◆ **REQUIRED ACTION**: In the reply, give back exactly the lines from the one with "Exchange Rate Effect: 179" through the last line of the records, without pictures.

◆ **GIVEN INFORMATION**:
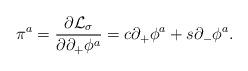
LaTeX: \begin{align*}\pi^a={\partial {\cal L}_{\sigma} \over \partial\partial_+\phi^a}=c\partial_+\phi^a+s\partial_-\phi^a .\end{align*}
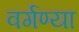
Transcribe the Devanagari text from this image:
वर्गण्या
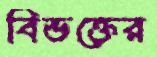
বিভক্তের
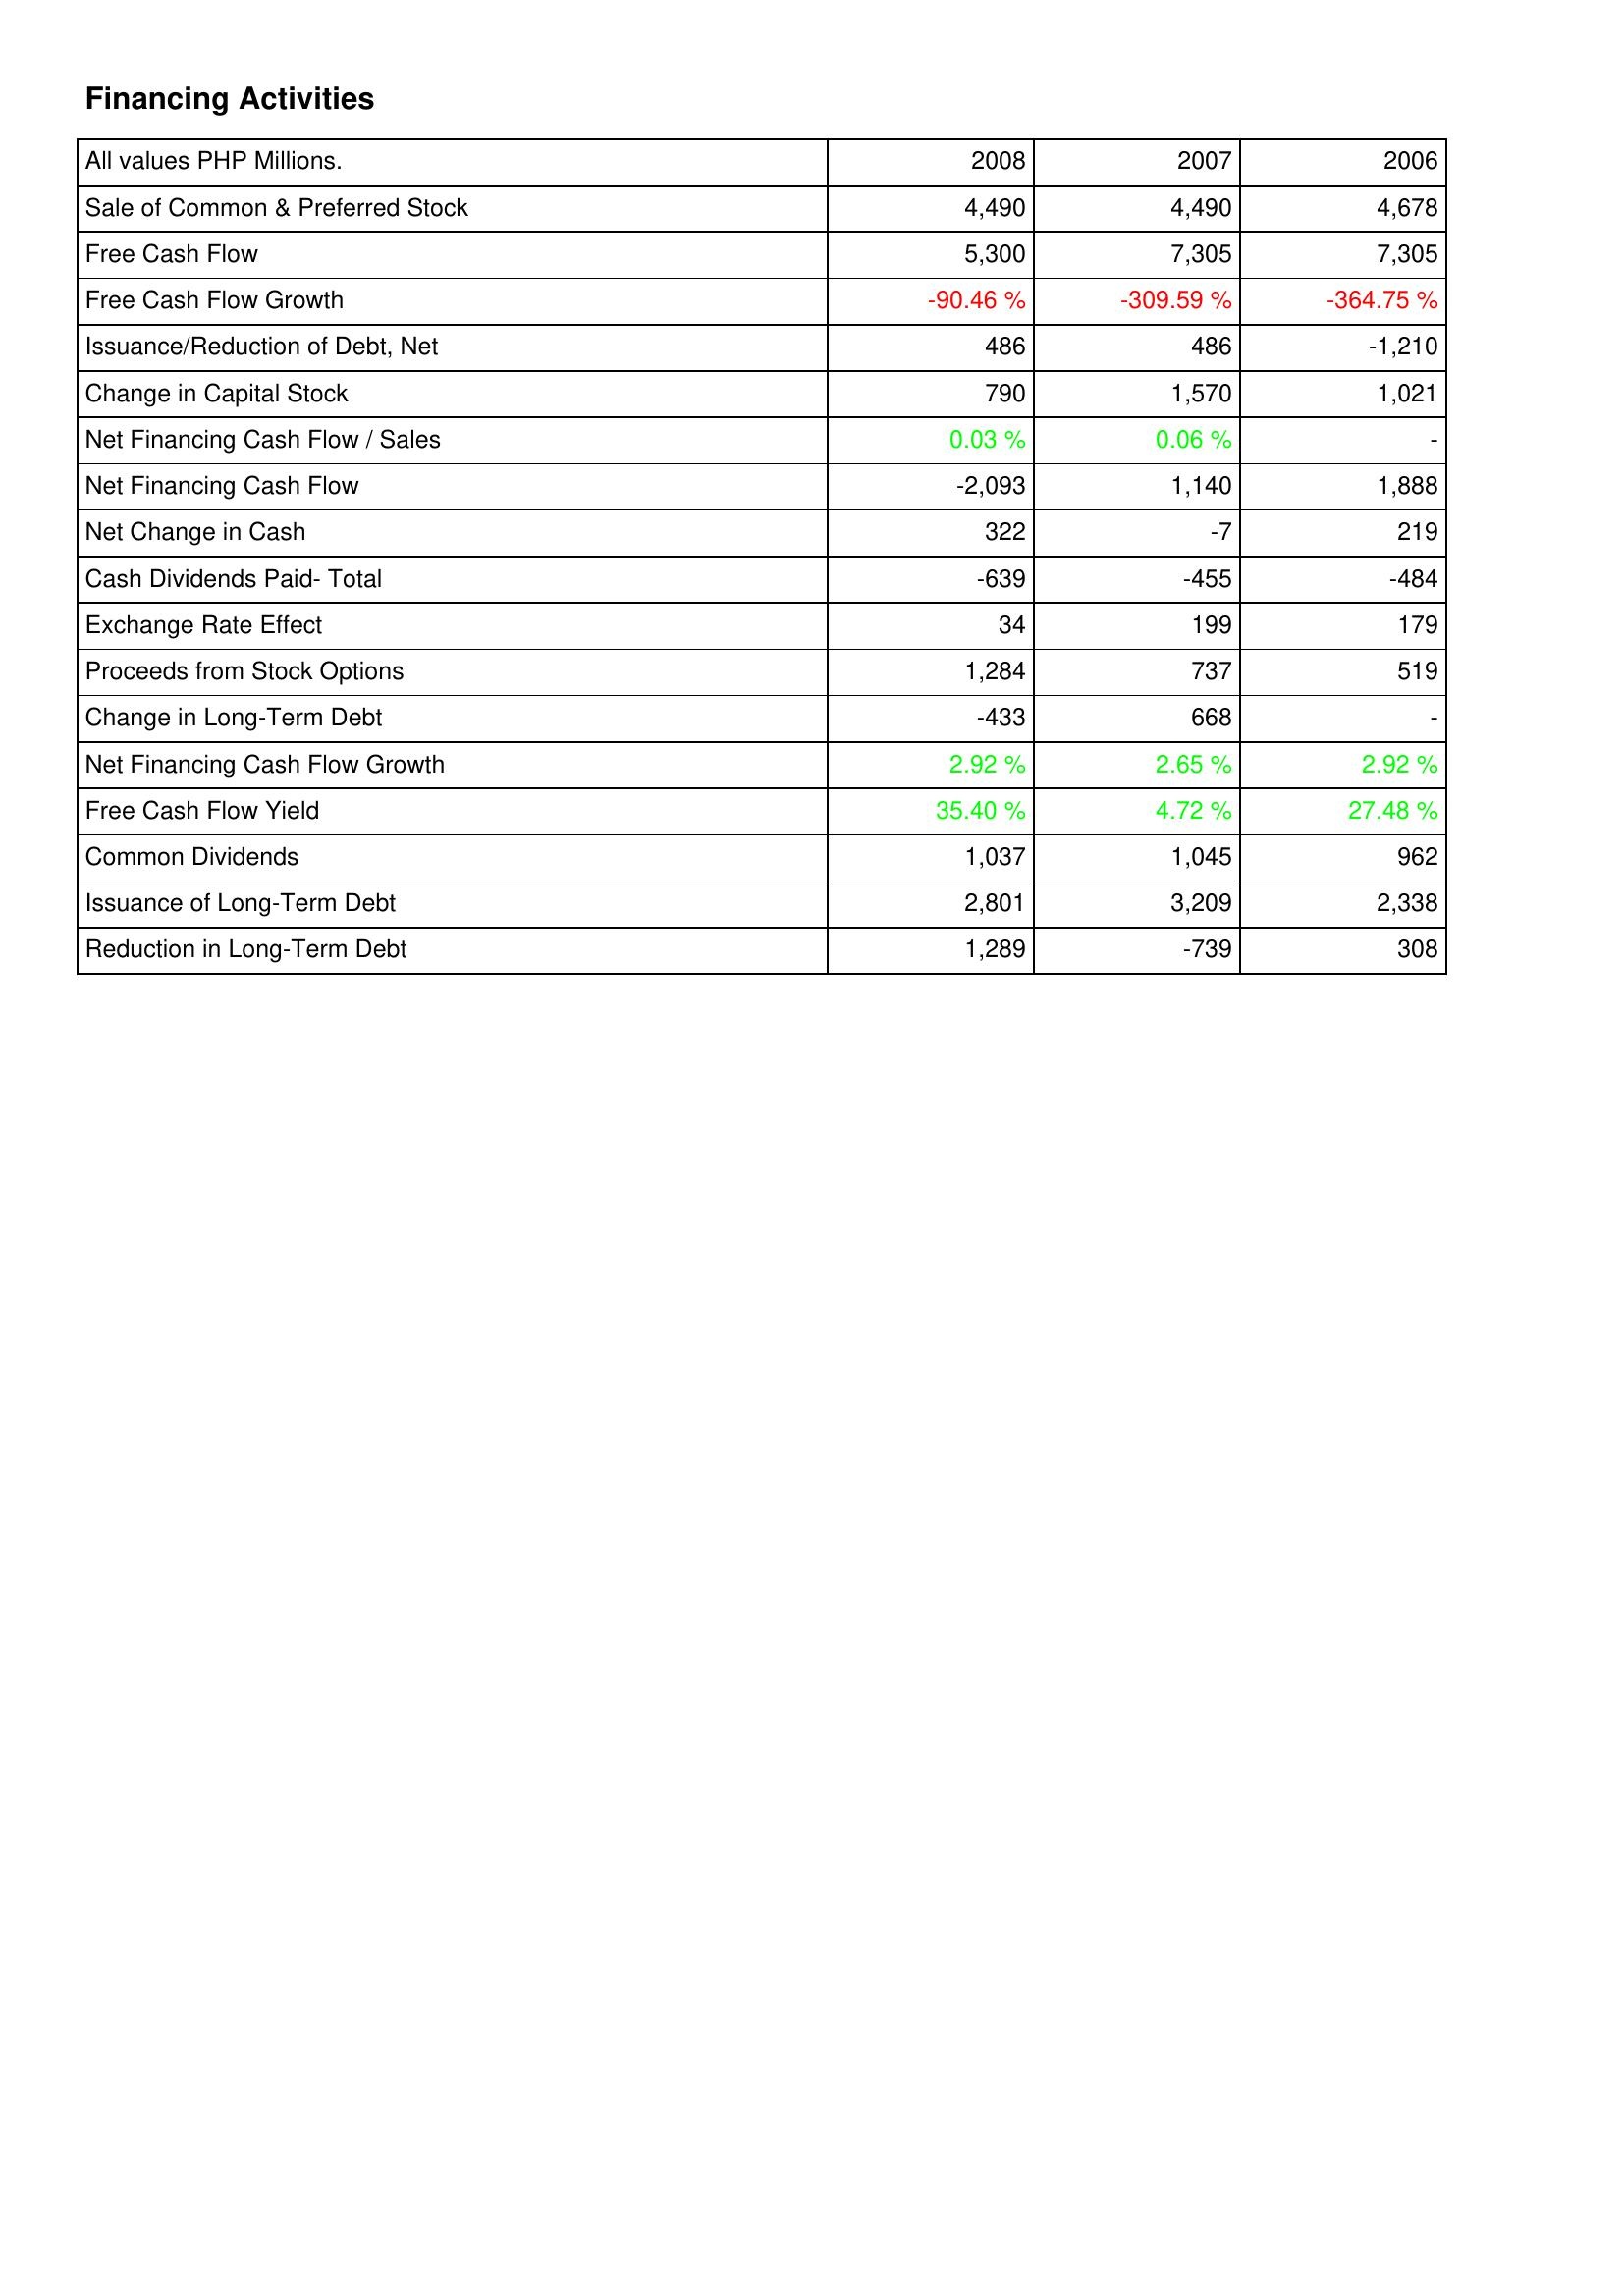
2008: Financing Activities: Sale of Common & Preferred Stock: 4,490
Free Cash Flow: 5,300
Free Cash Flow Growth: -90.46 %
Issuance/Reduction of Debt, Net: 486
Change in Capital Stock: 790
Net Financing Cash Flow / Sales: 0.03 %
Net Financing Cash Flow: -2,093
Net Change in Cash: 322
Cash Dividends Paid- Total: -639
Exchange Rate Effect: 34
Proceeds from Stock Options: 1,284
Change in Long-Term Debt: -433
Net Financing Cash Flow Growth: 2.92 %
Free Cash Flow Yield: 35.40 %
Common Dividends: 1,037
Issuance of Long-Term Debt: 2,801
Reduction in Long-Term Debt: 1,289
2007: Financing Activities: Sale of Common & Preferred Stock: 4,490
Free Cash Flow: 7,305
Free Cash Flow Growth: -309.59 %
Issuance/Reduction of Debt, Net: 486
Change in Capital Stock: 1,570
Net Financing Cash Flow / Sales: 0.06 %
Net Financing Cash Flow: 1,140
Net Change in Cash: -7
Cash Dividends Paid- Total: -455
Exchange Rate Effect: 199
Proceeds from Stock Options: 737
Change in Long-Term Debt: 668
Net Financing Cash Flow Growth: 2.65 %
Free Cash Flow Yield: 4.72 %
Common Dividends: 1,045
Issuance of Long-Term Debt: 3,209
Reduction in Long-Term Debt: -739
2006: Financing Activities: Sale of Common & Preferred Stock: 4,678
Free Cash Flow: 7,305
Free Cash Flow Growth: -364.75 %
Issuance/Reduction of Debt, Net: -1,210
Change in Capital Stock: 1,021
Net Financing Cash Flow / Sales: -
Net Financing Cash Flow: 1,888
Net Change in Cash: 219
Cash Dividends Paid- Total: -484
Exchange Rate Effect: 179
Proceeds from Stock Options: 519
Change in Long-Term Debt: -
Net Financing Cash Flow Growth: 2.92 %
Free Cash Flow Yield: 27.48 %
Common Dividends: 962
Issuance of Long-Term Debt: 2,338
Reduction in Long-Term Debt: 308
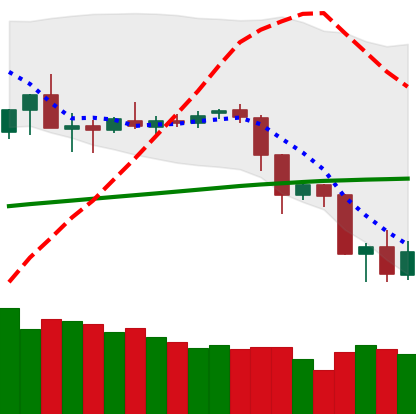
Ticker: ETC-USD
Chart end date: 2019-07-17
Forward return: 11.49%
Label: up_7plus
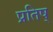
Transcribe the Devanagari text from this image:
प्रतिष्
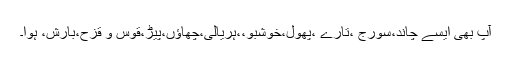
آپ بھی ایسے چاند،سورج ،تارے ،پھول،خوشبو،،ہریالی،چھاؤں،پیڑ،قوس و قزح،بارش، ہوا۔
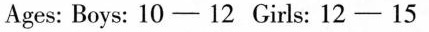
Ages: Boys: 10 - 12 Girls: 12 - 15
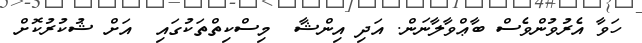
ހަވާ އެރުވުންވެސް ބާޢްވާލާނަން. އަދި އިންޝާ  މިސްކިތްތަކުގައި  އަށް ޝުކުރުކޮށް

◆ **TASK RESULT**:
Exchange Rate Effect: 179
Proceeds from Stock Options: 519
Change in Long-Term Debt: -
Net Financing Cash Flow Growth: 2.92 %
Free Cash Flow Yield: 27.48 %
Common Dividends: 962
Issuance of Long-Term Debt: 2,338
Reduction in Long-Term Debt: 308
Ticker: ETC-USD
Chart end date: 2019-07-17
Forward return: 11.49%
Label: up_7plus
Transcribe the Devanagari text from this image:
प्रतिष्
آپ بھی ایسے چاند،سورج ،تارے ،پھول،خوشبو،،ہریالی،چھاؤں،پیڑ،قوس و قزح،بارش، ہوا۔
Ages: Boys: 10 - 12 Girls: 12 - 15
ހަވާ އެރުވުންވެސް ބާޢްވާލާނަން. އަދި އިންޝާ  މިސްކިތްތަކުގައި  އަށް ޝުކުރުކޮށް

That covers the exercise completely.